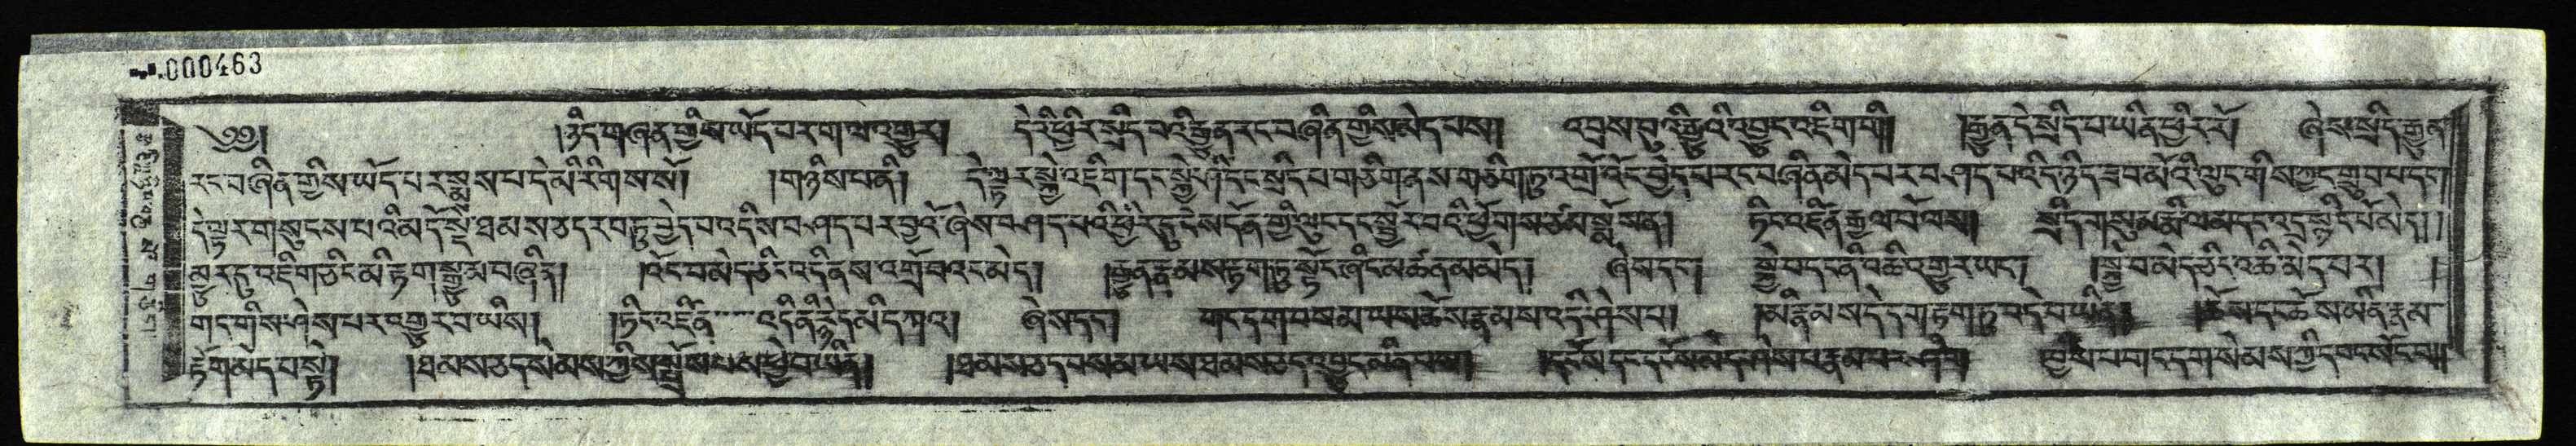༄༅། །ཉིད་གཞན་གྱིས་ཡོད་པར་ག་ལ་འགྱུར། དེའི་ཕྱིར་སྲིད་པའི་རྒྱུན་རང་བཞིན་གྱིས་མེད་པས། འབྲས་བུའི་རྒྱུའི་འབྱུང་འཇིག་གི། །རྒྱུན་དེ་སྲིད་པ་ཡིན་ཕྱིར་རོ། ཞེས་སྲིད་རྒྱུན་
རང་བཞིན་གྱིས་ཡོད་པར་སྨྲས་པ་དེ་མི་རིགས་སོ། །གཉིས་པ་ནི། དེ་ལྟར་སྐྱེ་འཇིག་དང་སྐྱེ་ཤི་དང་སྲིད་པ་གཅིག་ནས་གཅིག་ཏུ་འགྲོ་འོང་བྱེད་པ་རང་བཞིན་མེད་པར་བཤད་པ་འདི་ཉིད་ཟབ་མོའི་ལུང་གིས་ཀྱང་གྲུབ་པ་དང་།
དེ་ལྟར་གསུངས་པའི་མདོ་སྡེ་ཐམས་ཅད་རབ་ཏུ་བྱེད་པ་འདིས་བཤད་པར་བྱའོ་ཞེས་བཤད་པའི་ཕྱིར་དུ་ངེས་དོན་གྱི་ལུང་དང་སྦྱོར་བའི་ཕྱོགས་ཙམ་སྨོས་ན། ཏིང་འཛིན་རྒྱལ་པོ་ལས། སྲིད་གསུམ་རྨི་ལམ་དང་འདྲ་སྙིང་པོ་མེད།།
མྱུར་དུ་འཇིག་ཅིང་མི་རྟག་སྒྱུ་མ་བཞིན། །འོང་བ་མེད་ཅིང་འདི་ནས་འགྲོ་བའང་མེད། །རྒྱུན་རྣམས་རྟག་ཏུ་སྟོང་ཞིང་མཚན་མ་མེད། ཞེས་དང་། སྐྱེ་བ་དང་ནི་འཆི་འགྱུར་ཡང་། །སྐྱེ་བ་མེད་ཅིང་འཆི་མེད་པར། །
གང་གིས་ཤེས་པར་འགྱུར་བ་ཡིས། །ཏིང་འཛིན་འདི་ནི་རྙེད་མི་དཀའ། ཞེས་དང་། གང་དག་བསམ་ཡས་ཆོས་རྣམས་འདི་ཤེས་པ། །མི་རྣམས་དེ་དག་རྟག་ཏུ་བདེ་བ་ཡིན། །ཆོས་དང་ཆོས་མིན་རྣམ་
རྟོག་མེད་པ་སྟེ། །ཐམས་ཅད་སེམས་ཀྱིས་སྤྲོས་པས་ཕྱེ་བ་ཡིན། །ཐམས་ཅད་བསམ་ཡས་ཐམས་ཅད་འབྱུང་མིན་པས། །དངོས་དང་དངོས་མེད་ཤེས་པ་རྣམ་པར་ཤིག །བྱིས་པ་གང་དག་སེམས་ཀྱི་དབང་སོང་བ།།

________________________

**What to work on:** Begin at the line containing "སྐྱེ་བ་དང་ནི་འཆི་འགྱུར་ཡང་། །སྐྱེ་བ་མེད་ཅིང་འཆི་མེད་པར། །" and reproduce each line through the end of the records above.

**Result:**
མྱུར་དུ་འཇིག་ཅིང་མི་རྟག་སྒྱུ་མ་བཞིན། །འོང་བ་མེད་ཅིང་འདི་ནས་འགྲོ་བའང་མེད། །རྒྱུན་རྣམས་རྟག་ཏུ་སྟོང་ཞིང་མཚན་མ་མེད། ཞེས་དང་། སྐྱེ་བ་དང་ནི་འཆི་འགྱུར་ཡང་། །སྐྱེ་བ་མེད་ཅིང་འཆི་མེད་པར། །
གང་གིས་ཤེས་པར་འགྱུར་བ་ཡིས། །ཏིང་འཛིན་འདི་ནི་རྙེད་མི་དཀའ། ཞེས་དང་། གང་དག་བསམ་ཡས་ཆོས་རྣམས་འདི་ཤེས་པ། །མི་རྣམས་དེ་དག་རྟག་ཏུ་བདེ་བ་ཡིན། །ཆོས་དང་ཆོས་མིན་རྣམ་
རྟོག་མེད་པ་སྟེ། །ཐམས་ཅད་སེམས་ཀྱིས་སྤྲོས་པས་ཕྱེ་བ་ཡིན། །ཐམས་ཅད་བསམ་ཡས་ཐམས་ཅད་འབྱུང་མིན་པས། །དངོས་དང་དངོས་མེད་ཤེས་པ་རྣམ་པར་ཤིག །བྱིས་པ་གང་དག་སེམས་ཀྱི་དབང་སོང་བ།།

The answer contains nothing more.